Quality Assurance Coordinator - Cancer Research And Biostatistics (CRAB)
Cancer Research And Biostatistics (CRAB) is a non-profit organization whose purpose is to help conquer cancer and other diseases through the application of biostatistical principles and data management methods.
Under supervision of the Data Management Department, the Quality Assurance Coordinator (QAC) plans and executes quality control procedures for Data Coordinators (DC) in support of CRAB research. Acts as liaison and reference resource to participating institutions’ Clinical Research Associates (CRAs) and other project personnel. Performs quality review and evaluation of study data. Interacts with Biostatisticians and other study team personnel, participating in activities necessary to enhance and maintain data management functions for specific scientific committee(s) and/or projects as assigned.
The QAC works independently to address quality issues by creating and executing Quality Assurance plans and documenting their results in order to demonstrate the validity of study results. Conducts regular review of completed chart evaluations done by data management staff and provides feedback to DCs and management on DC work quality. Tact is used in communicating with other team members regarding problems uncovered during testing, QA review and/or full data analysis.
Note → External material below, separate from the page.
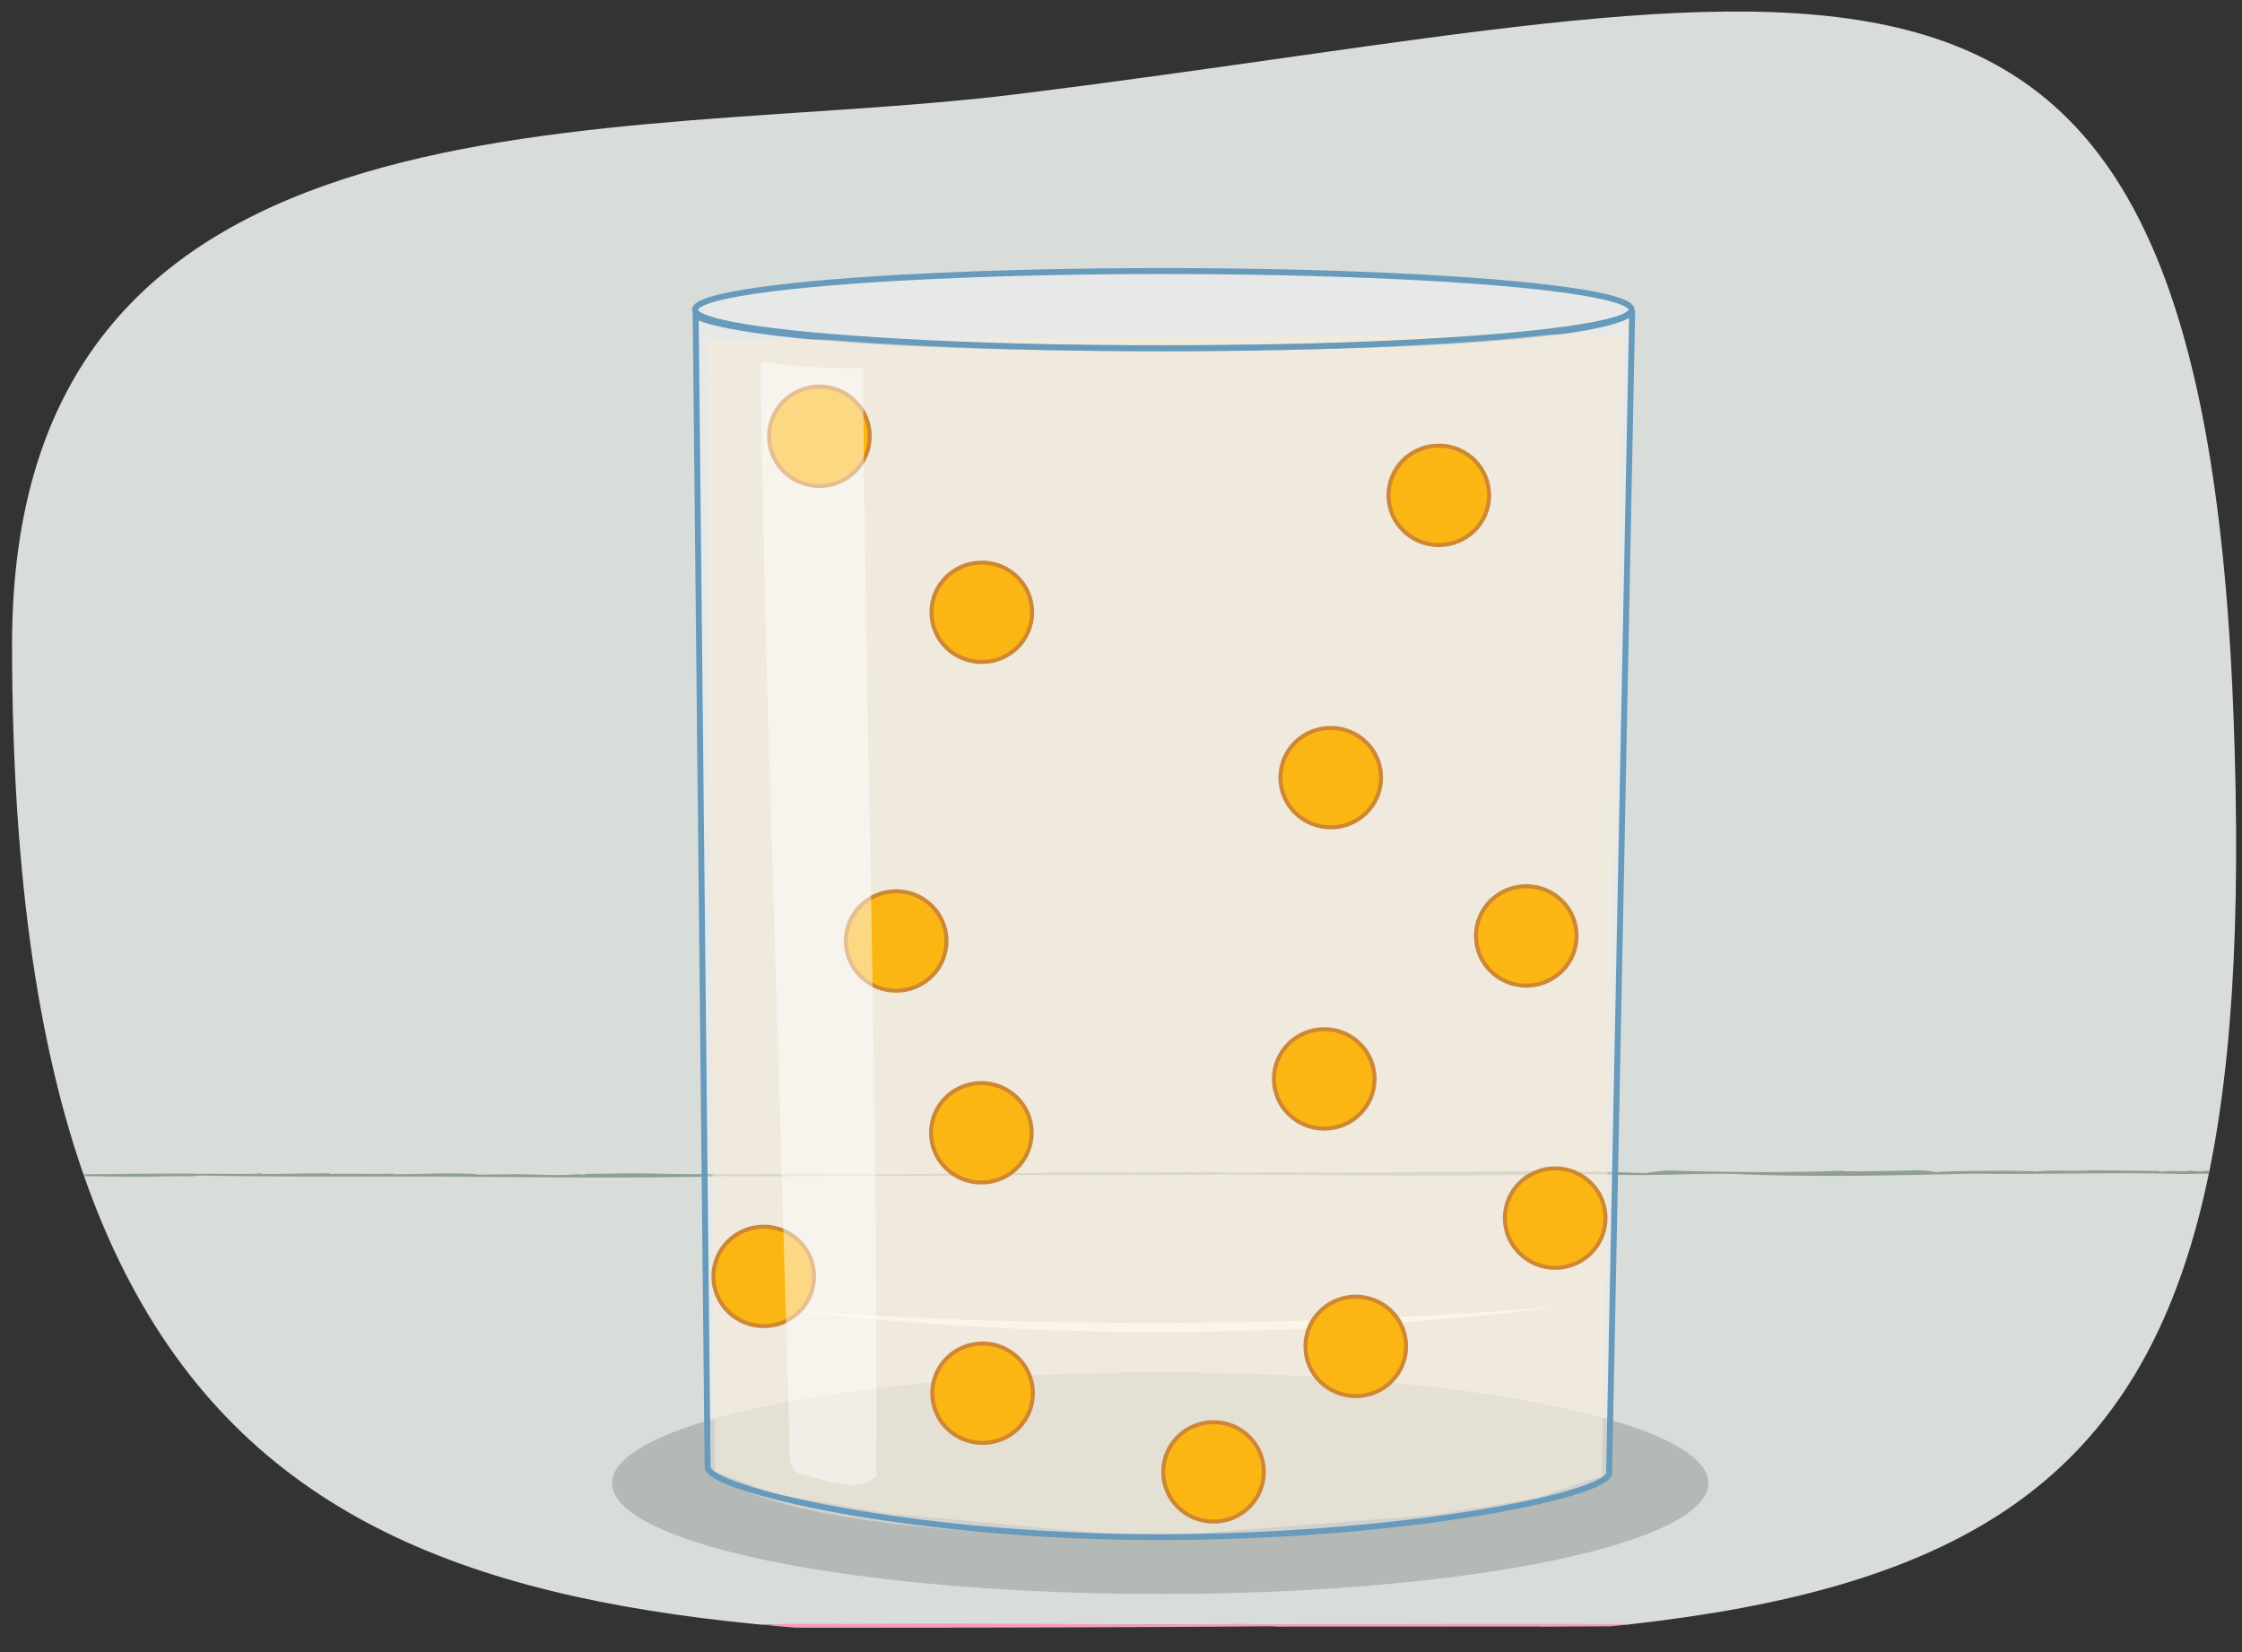 <svg xmlns="http://www.w3.org/2000/svg" xmlns:xlink="http://www.w3.org/1999/xlink" width="380" height="280" viewBox="0 0 380 280"><rect x="0" y="0" width="380" height="280" fill="#333333" stroke="none"/><defs><clipPath id="a"><path d="M378.547,120.932C383.93,261.674,343.331,279.818,193,278,77.37,276.6,2.113,269.787,2.043,109.28,2,12,104.408,24.327,172,16,310-1,372.779-29.875,378.547,120.932Z" fill="none"/></clipPath></defs><g clip-path="url(#a)"><rect x="-49.335" y="-81.244" width="449.32" height="356.587" fill="#d9ddda"/><path d="M-49.26,263.1l.111.711c-.2-12.7,0-27.036-.083-40.473l.039.909c.043-34.1-.143-65.54-.228-99.369.024.527.032.706.057,1.25-.039-1.631-.11-3.44-.1-5.271.024-.476.051.512.063,1.1.185-7.142-.117-20.983.026-25.448-.021-2.009-.1-2.9-.157-1.777-.073-26.478-.152-54.8-.227-81.771.025-1.3.076-1.533.139-1.178-.3-23.05-.18-47.209-.131-70.794-.08-.9-.083,2.406-.165.084-.1,7.582.192,13.887.049,20.764l-.076-.882c-.049,5,.192,1.013.094,6.206-.065,2.046-.1-.512-.1.44.032,10.635-.038,21.727.148,31.742-.165,2.473-.006,11.427-.164,15.357.065,2.752.049,5.513.158,6.559.02,37.222.04,75.25.061,113.379.319,17.845-.062,39.212.044,60.391-.01.146-.022.121-.032-.02.079,6.9.116,16.964.077,25.205l.135,6.98q-.074,24.037-.147,48.489l102.806.05c57.231.08,107.368.31,163.1-.111-.073.031.378.048-1.062.062l45.888-.017-.047.032c37.584-.263,78.233.035,114.466-.249l24.617.01c-.029-36.921-.061-77.691-.092-116.284l.064.109c-.134-37.359.2-73.461.1-110.738.145-38.331-.362-78.83-.17-117.491q.029-2.931.058-6.008.012-3.124.026-6.388l-16.826.04-17.1.105c-11.322.068-22.287.106-31.686-.029-46.16-.486-90.939-.173-137.088.118-42.573-.173-85.081.271-126.31-.082-19.536.226-41.113-.28-62.851-.215L9-81.327c-7.8-.239-17.388.333-22.258-.021l.822-.016c-4.132-.18-9.6.423-12.107.209l-.668.089c-5,.025-.593-.1-4.453-.136a34.747,34.747,0,0,1-3.582.111c-.657-.363-16.687,0-16.074.1,6.656.018,7.547.212,12.321.293-.047,0-.093-.008-.021-.015,3.263-.16,7.775-.065,10.358-.042l1.036.075c1.569.155,7.573-.3,5.548-.038L24.1-80.786c2.118-.1,11.576.009,8.274-.187,3.786.224,15.039.28,19.217.271a5.876,5.876,0,0,1-.987.037c8.1.289,9.607-.268,17.2.086,1.188-.25,13.8.08,18.1-.214.937.055,1.25.105.909.15l40.356.107c9.886-.219,23.941.1,32.444-.2,7.046.064,18.442.19,28.278.068l-.955.038c11.1-.018,24.958-.034,32.57-.224,3.281.29,8.078.232,12.874.325,7.409-.135,22.365-.095,33.667-.217,1.733.133,9.328-.057,9.91.137,31.671-.375,70.834-.244,104.653.04l-.489.014c4.388-.107,9.446-.343,13.912-.481.439.017.388.05-.549.049h3.278l2.944.028c-.024,1.834-.047,3.655-.071,5.489-.007,1.928-.014,3.869-.021,5.851-.032-.05-.032-.05-.063-1.05.086,5.789-.155,11.965,0,18.8l-.051.383.072,4.346c-.064-.106-.161-.274-.14-2.6.073,53.032.148,107.773.222,162.22l-.061-2,.11,10.557a7.7,7.7,0,0,1-.063-1.064c-.109,13.448.073,27.4.045,40.51-.031-.062-.093-2.045-.129-.21.175,9.7-.227,15.583.136,20.441-.017.451-.1.759-.128-.229.121,26.993.114,54.708.055,81.9.041,4.131.083,8.353.127,12.707l-28.981.046c-9.858,0-19.729.014-29.3.121l.116-.066c-30.456.23-62.765-.016-94.332.031l-35.136.055-.33-.082c-22.172.312-46.6-.28-69.734.063l1.595-.111c-3.587.172-13.993-.061-12.624.234l-4.083-.089c-15.715.39-28.6-.18-47.86.073l1.266-.07c-5.121.054-11.09.1-14.883.033.592-.01.315-.031,1.532-.049-16.037-.278-33.886.029-50.806.018l1.918-.13c-8.179.153-23.181.01-33.932.081l.653-.062-5.439.087-.142-.124-28.461.081C-49.239,271.176-49.249,267.158-49.26,263.1Z" fill="#f59dc1"/><path d="M24.951,199.451c-.079,0-.184,0-.262.009A1.349,1.349,0,0,0,24.951,199.451Z" fill="#9bac9f"/><path d="M44.308,198.975l.2-.112c-3.611.2-7.685,0-11.506.083l.258-.039c-9.693-.044-18.633.143-28.25.228.151-.012.2-.045.356-.057a14.554,14.554,0,0,1-1.5.1c-.136-.025.145-.052.312-.063-2.03-.185-5.966.117-7.234-.025-.572.02-.824.1-.506.155-7.527.047-15.58.083-23.247.228-.369-.026-.436-.076-.335-.14-6.553.3-13.421.181-20.126.132-.257.079.684.084.023.166,2.157.1,3.949-.193,5.9-.05l-.251.076c1.423.049.288-.192,1.764-.094.582.064-.145.1.125.1,3.024-.031,6.177.037,9.025-.148.7.165,3.248.006,4.366.164a13.279,13.279,0,0,0,1.864-.158c10.582.087,21.394-.073,32.234-.06,5.072-.32,11.147.061,17.169-.046.041.011.034.023-.006.033,1.962-.079,4.822-.116,7.165-.077l1.984-.135c14.1.278,28.5.083,42.821.2,16.271.08,30.525.31,46.37-.111-.021.031.107.048-.3.061,4.573-.064,8.739.051,13.046-.016l-.014.031c10.686-.263,22.241.036,32.542-.249,12.54.029,26.72,0,39.992-.081l-.03.063c10.621-.133,20.885.2,31.482.1,10.9.145,22.411-.363,33.4-.17,6.8.311,15.732-.356,22.12-.033,13.123.485,25.853.173,38.973-.119,12.1.174,24.189-.271,35.91.082,5.554-.226,11.688.281,17.868.215l-.221-.078c2.219.238,4.944-.333,6.328.02l-.233.017c1.175.18,2.728-.423,3.442-.21l.19-.089c1.423-.025.169.1,1.265.136.413-.011.158-.161,1.019-.11.186.363,4.744,0,4.57-.1-1.892-.017-2.146-.212-3.5-.292.013,0,.027.007.006.014a15.951,15.951,0,0,1-2.945.042l-.294-.074c-.446-.156-2.153.3-1.578.037-3.848.066-8.258.063-12.558.066-.6.1-3.291-.009-2.351.187a42.1,42.1,0,0,0-5.464-.271.5.5,0,0,1,.281-.036c-2.305-.29-2.732.267-4.892-.087-.338.25-3.923-.079-5.144.215-.267-.056-.356-.106-.259-.151-3.888,0-8.183-.1-11.473-.107-2.811.219-6.806-.1-9.224.2-2-.064-5.242-.191-8.039-.069l.271-.037c-3.154.017-7.1.033-9.26.224a19.1,19.1,0,0,0-3.659-.325c-2.106.134-6.358.095-9.572.217-.492-.134-2.651.056-2.816-.138-9,.375-20.138.244-29.753-.039l.139-.014c-1.248.107-2.685.342-3.955.48-.125-.017-.111-.049.155-.048-1.755.036-3.4-.155-5.152-.12.015-.032.015-.032.3-.062-1.646.086-3.4-.156-5.345,0l-.108-.052-1.236.072c.03-.064.078-.161.738-.14-15.076-.062-30.64.271-46.118.223l.567-.061-3,.109c.017-.032.159-.048.3-.063-3.824-.109-7.791.073-11.517.045.017-.031.581-.093.06-.128-2.758.175-4.431-.228-5.812.136-.128-.017-.216-.1.066-.128-7.674.12-15.554.114-23.286.054-6.438.33-13.634.032-20.322.293l.033-.065c-8.659.23-17.843-.016-26.818.03-3.727-.026-6.244.051-9.989.055l-.094-.081c-6.3.311-13.249-.28-19.825.063l.454-.112c-1.02.173-3.979-.061-3.589.235L97.9,199c-4.468.391-8.131-.18-13.607.074l.36-.071c-1.455.055-3.152.1-4.231.034.168-.011.09-.031.436-.05-4.56-.277-9.634.029-14.444.019l.546-.131c-2.326.154-6.591.011-9.648.081l.187-.061-1.547.086-.04-.123C51.933,198.853,48.19,198.96,44.308,198.975Z" fill="#8da091"/><path d="M4.182,199.115a.313.313,0,0,1,.042,0C4.343,199.108,4.286,199.11,4.182,199.115Z" fill="#9bac9f"/></g><ellipse cx="196.645" cy="251.365" rx="92.921" ry="18.796" fill="#5d6662" opacity="0.3"/><path d="M133.984,222.1a875.4,875.4,0,0,0,121.781.006l8.109-.618a536.711,536.711,0,0,1-129.89.612Z" fill="#fff"/><path d="M276.537,52.487l-3.822,197.635s-16.039,10.48-76.38,10.392c-70.344-.1-76.4-11.838-76.4-11.838L117.8,52.487s2.213-6.439,78.828-6.549S276.537,52.487,276.537,52.487Z" fill="#fff" opacity="0.35"/><path d="M119.938,248.676,117.913,53.545s8.661,5.948,87.061,5.409c68.451-.471,71.264-5.667,71.646-6.126.007-.009.023,0,.022.007l-3.911,196.813" fill="none" stroke="#689abc" stroke-miterlimit="10" stroke-width="1.007"/><polygon points="271.502 250.136 260.056 253.952 242.759 256.75 194.174 260.565 150.422 256.495 131.345 253.188 121.17 249.373 119.737 57.682 275.117 56.584 271.502 250.136" fill="#f9ecd9" opacity="0.56"/><ellipse cx="205.683" cy="249.46" rx="8.528" ry="8.427" fill="#fcb614" stroke="#ce8732" stroke-miterlimit="10" stroke-width="0.682"/><ellipse cx="151.893" cy="159.481" rx="8.528" ry="8.427" fill="#fcb614" stroke="#ce8732" stroke-miterlimit="10" stroke-width="0.682"/><ellipse cx="166.332" cy="191.988" rx="8.528" ry="8.427" fill="#fcb614" stroke="#ce8732" stroke-miterlimit="10" stroke-width="0.682"/><ellipse cx="138.88" cy="73.943" rx="8.528" ry="8.427" fill="#fcb614" stroke="#ce8732" stroke-miterlimit="10" stroke-width="0.682"/><ellipse cx="129.448" cy="216.327" rx="8.528" ry="8.427" fill="#fcb614" stroke="#ce8732" stroke-miterlimit="10" stroke-width="0.682"/><ellipse cx="166.543" cy="236.124" rx="8.528" ry="8.427" fill="#fcb614" stroke="#ce8732" stroke-miterlimit="10" stroke-width="0.682"/><ellipse cx="224.448" cy="182.856" rx="8.528" ry="8.427" fill="#fcb614" stroke="#ce8732" stroke-miterlimit="10" stroke-width="0.682"/><ellipse cx="258.692" cy="158.623" rx="8.528" ry="8.427" fill="#fcb614" stroke="#ce8732" stroke-miterlimit="10" stroke-width="0.682"/><ellipse cx="225.547" cy="131.795" rx="8.528" ry="8.427" fill="#fcb614" stroke="#ce8732" stroke-miterlimit="10" stroke-width="0.682"/><ellipse cx="243.868" cy="83.952" rx="8.528" ry="8.427" fill="#fcb614" stroke="#ce8732" stroke-miterlimit="10" stroke-width="0.682"/><ellipse cx="263.589" cy="206.444" rx="8.528" ry="8.427" fill="#fcb614" stroke="#ce8732" stroke-miterlimit="10" stroke-width="0.682"/><ellipse cx="166.407" cy="103.772" rx="8.528" ry="8.427" fill="#fcb614" stroke="#ce8732" stroke-miterlimit="10" stroke-width="0.682"/><ellipse cx="229.79" cy="228.188" rx="8.528" ry="8.427" fill="#fcb614" stroke="#ce8732" stroke-miterlimit="10" stroke-width="0.682"/><g opacity="0.5"><path d="M146.274,62.376c.453,62.542,2.617,125.329,2.239,187.756-2.914,3.062-8.654.768-12.327-.213-3.7-.376-1.99-6.835-2.463-9.142q-.677-22.99-1.354-45.982c-1.174-43.338-3.019-90.381-3.41-133.532A98.633,98.633,0,0,0,146.274,62.376Z" fill="#fff" opacity="0.93"/></g><ellipse cx="197.17" cy="52.487" rx="79.366" ry="6.549" fill="none" stroke="#689abc" stroke-miterlimit="10" stroke-width="1.007"/><path d="M272.731,249.648c0,3.617-34.2,10.866-76.4,10.866s-76.4-8.221-76.4-11.838" fill="none" stroke="#689abc" stroke-miterlimit="10" stroke-width="1.007"/></svg>

The QAC is also an active Clinical Research Data Coordinator, therefore responsible for items outlined in the DC I-II-III job descriptions.
Primary Duties and Responsibilities:
- Uses, reviews and updates established Quality Control procedures for data management
- Participates as a team member within specific scientific committee(s) and/or study teams
- Engages in planning, implementing and managing clinical studies from initial concept through closure to ensure studies are in compliance with SOPs, regulations and ICH/GCP guidelines
- Participates in the design and development of clinical trial protocols and case report forms
- Evaluates DC work quality against existing standards. Documents discrepancies according to standardized formats/procedures
- Identifies team members responsible for correcting any problem(s) identified and communicates as necessary to mitigate/resolve them
- Enters review results into the database
- Provides internal QA training sessions
- Reviews raw data across all patients enrolled to a study, identifying questionable, missing and/or incorrect entries and suggesting additional/revised edit checks for future submissions
- Identifies data clean-up projects, runs reports and tracks progress for completion
- Provides coding and procedural guidance to internal staff and external customers
- Assists in the development and revision of departmental standard operating procedures
- Participates in internal system audits and vendor assessments at the discretion of upper management
- Functions as a resource for DCs
- Maintains contact with study teams to ensure protocol compliance and overall study objectives
- Acts as liaison and reference resource to personnel, institutional CRAs, nurses and investigators
- Assists with regulatory and safety issues as requested or required
- May also have responsibilities for one or more complex clinical trials
- Performs other duties as assigned
- BA/BS in health, life sciences, similar field, or four years of experience in clinical trials research setting
- PLUS an additional six years of clinical trials research experience. Graduation from a research related certification program or certification in a recognized research related professional society (SoCRA, SCDM, ACRP) may be substituted for three of the additional six years of clinical trials research experience
- Comprehensive knowledge of and proficiency using electronic data capture systems
- Experience mentoring/training other staff
- Significant knowledge of anatomy/physiology, medical terminology, ICH/GCP Guidelines and AJCC TNM staging
- Solid familiarity with statistics
- Excellent written and oral communication skills
- Good interpersonal skills
- Demonstrated understanding of computer-based systems and ability to learn new software quickly
Desired Knowledge, Skills and Abilities:
- Spanish language skills highly desirable
- Experience with both industry and government funded clinical trials
- Familiarity with validation requirements to register a study with the FDA
- Demonstrated organizational skills with attention to detail
- Experience writing scripts to create lists and reports utilizing Oracle SQL Developer
- Proven ability to use sound judgment and diplomacy while interacting with staff and participating study sites
- Graduation from a research related certification program
- Certification in a recognized research related professional society
This is a full-time position and is Non-Exempt from state and federal overtime regulations.
Employment authorization is required.
Travel/relocation expenses will not be provided for this position.
CRAB is an Equal Opportunity Employer.